Klaus betrachtete mich nachdenklich.
„Lass dich noch einmal mit Jutta verbinden.“
„Bist du irre?“
„Nein, ich habe da eine Vermutung!“
Ich nahm das Gerät, sprach: „Verbinde mich mit Jutta.“
„Verbinden mit Mutter.“
Verdattert sah ich die anderen an. Noch bevor die Leitung stand, unterbrach ich allerdings wieder. Ging zum Abfalleimer, öffnete ihn und ließ das Handy hineinfallen.
„Mir reicht es!“, rief ich. „Arrivederci, du Ding aus der Hölle!“
„Verbinden mit Polizei!“
„Nein!“
„Der Notruf der Polizei in Gladbeck!“
Panisch fingerte ich im Abfalleimer herum, bekam das Gerät aber nicht zu fassen.
„Sie schon wieder?“, knurrte der Polizist. „Ich glaube, wir schicken mal eine Streife herum!“
Ich unterbrach.
„Jetzt lande ich schon im Knast wegen dir, du verfluchtes Handy!“, brüllte ich, bar jeder Beherrschung. „Nur, weil du mich nicht magst! Was habe ich dir denn getan?“
„Verbinden mit Jutta!“
Ich brüllte wie ein Schimpanse, riss den Akku heraus und schmiss alles mit Nachdruck in die Tonne. Schwer atmend stand ich davor und starrte auf die Bauteile.

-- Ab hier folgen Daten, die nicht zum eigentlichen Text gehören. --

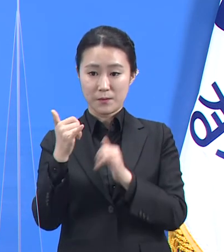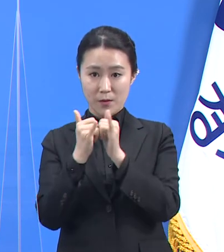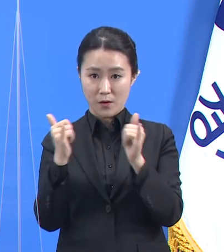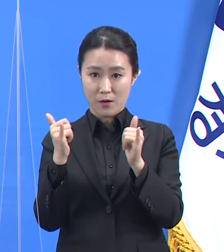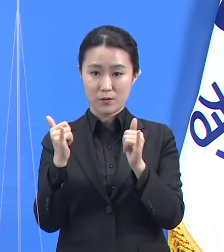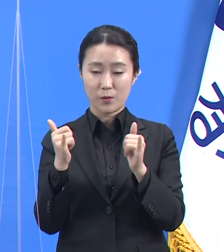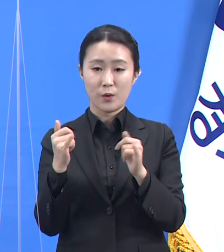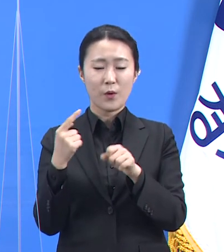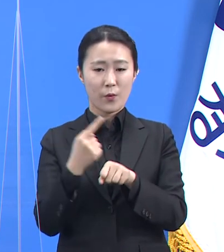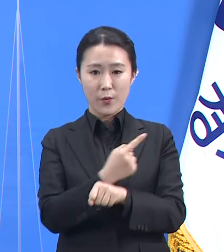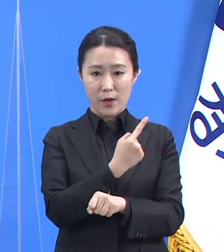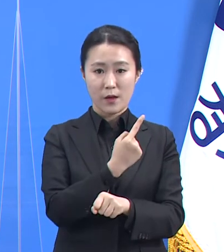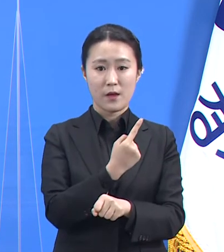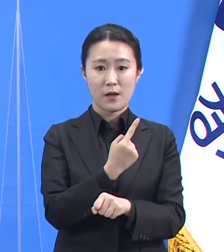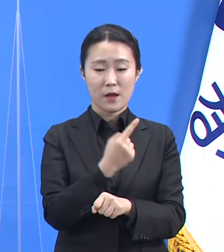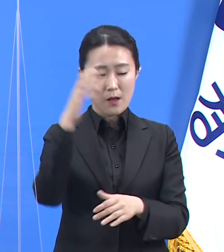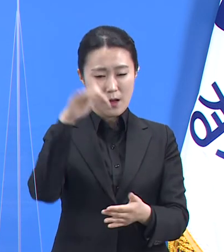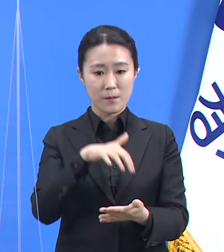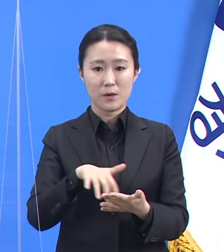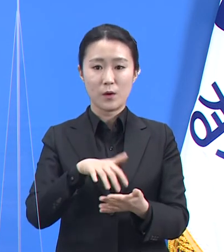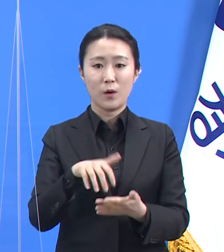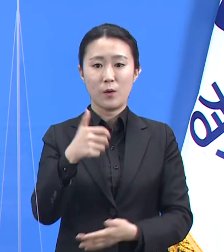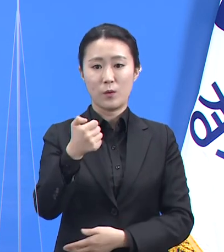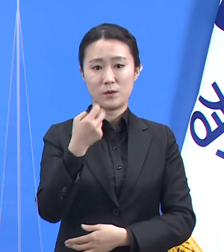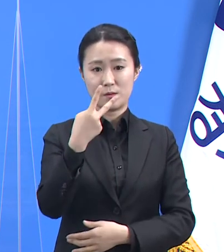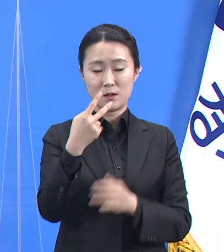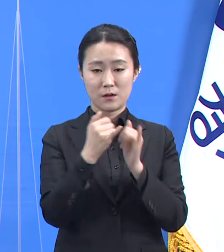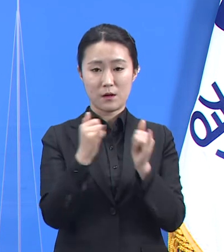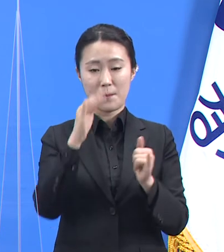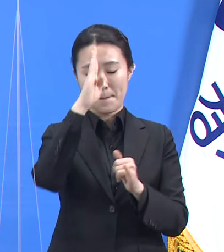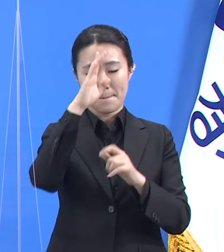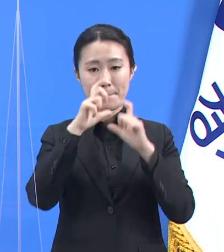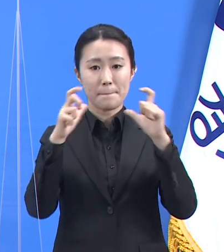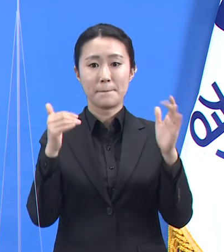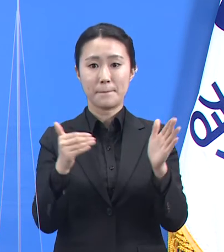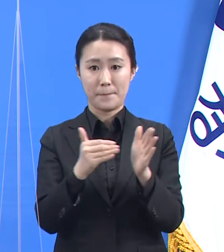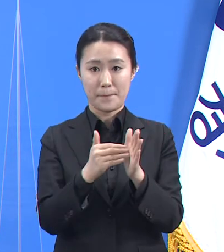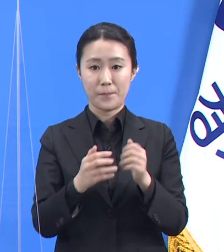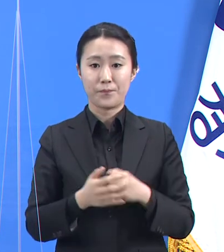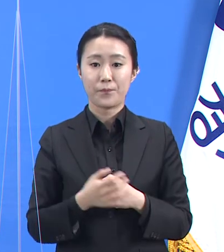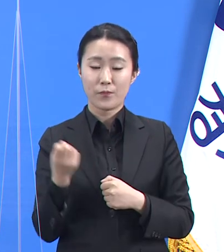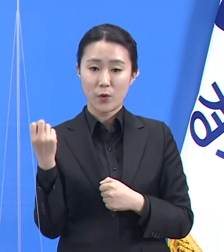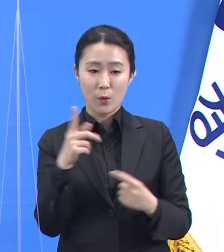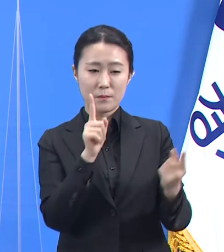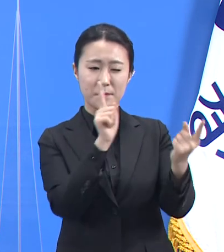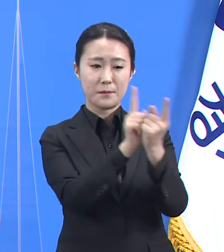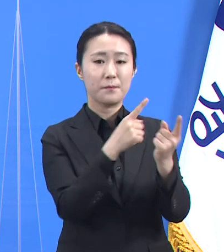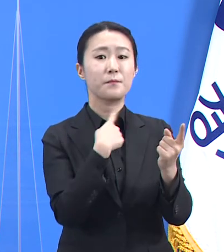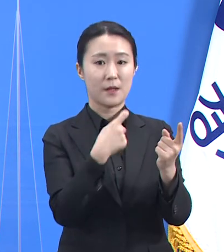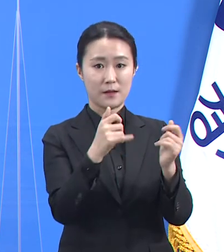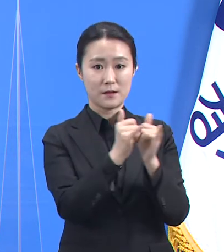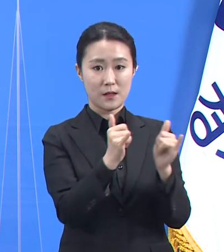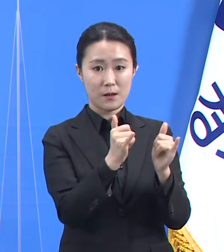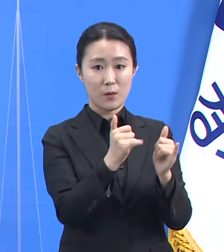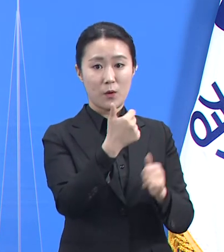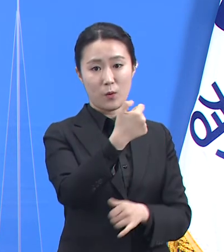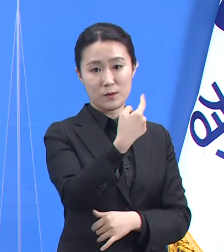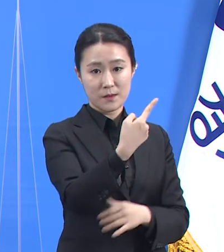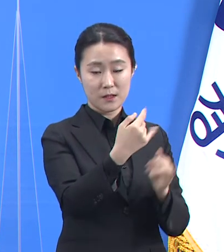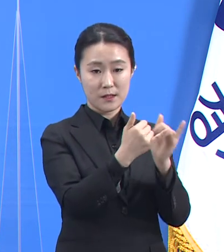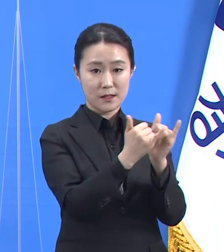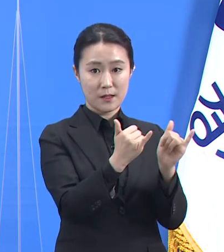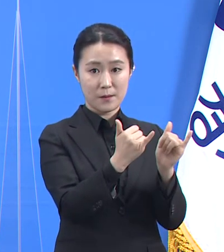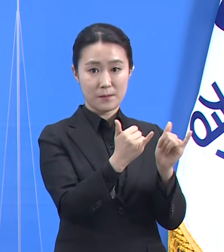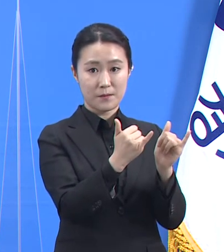52명으로 확인되고 있습니다. 그리고 밀접 접촉자로 분류된 51명에 대해서는

„So“, brabbelte ich, „jetzt wollen wir doch mal sehen, wer hier das letzte Wort hat ...“
Ich holte das Handy wieder heraus, setzte den Akku ein, schaltete es an.
„Du willst mich kleinkriegen? Da kennst du mich aber schlecht!“
In diesem Moment klingelte es. Ich schrak hoch. Sah meine Freunde an.
Ich öffnete. Ein Riese stand vor mir.
„Bist du Dirk?“, grunzte er.
Ich nickte.
Mit einem wohlgezielten Schlag traf er mein Nasenbein, brach es. Dann ein fieser Schlag in die Magengegend und ich lag am Boden. In panischer Furcht nahm ich mein Handy.
„Verbinde mich mit der Polizei!“, rief ich verzweifelt.
„Verbinden mit Gay-Hotline!“
„Ja? Huhu, Süßer!“, erklang es zuckersüß aus dem Apparat.
Eine wohlige Ohnmacht holte mich ein, erlöste mich aus dem ganzen Wahnsinn.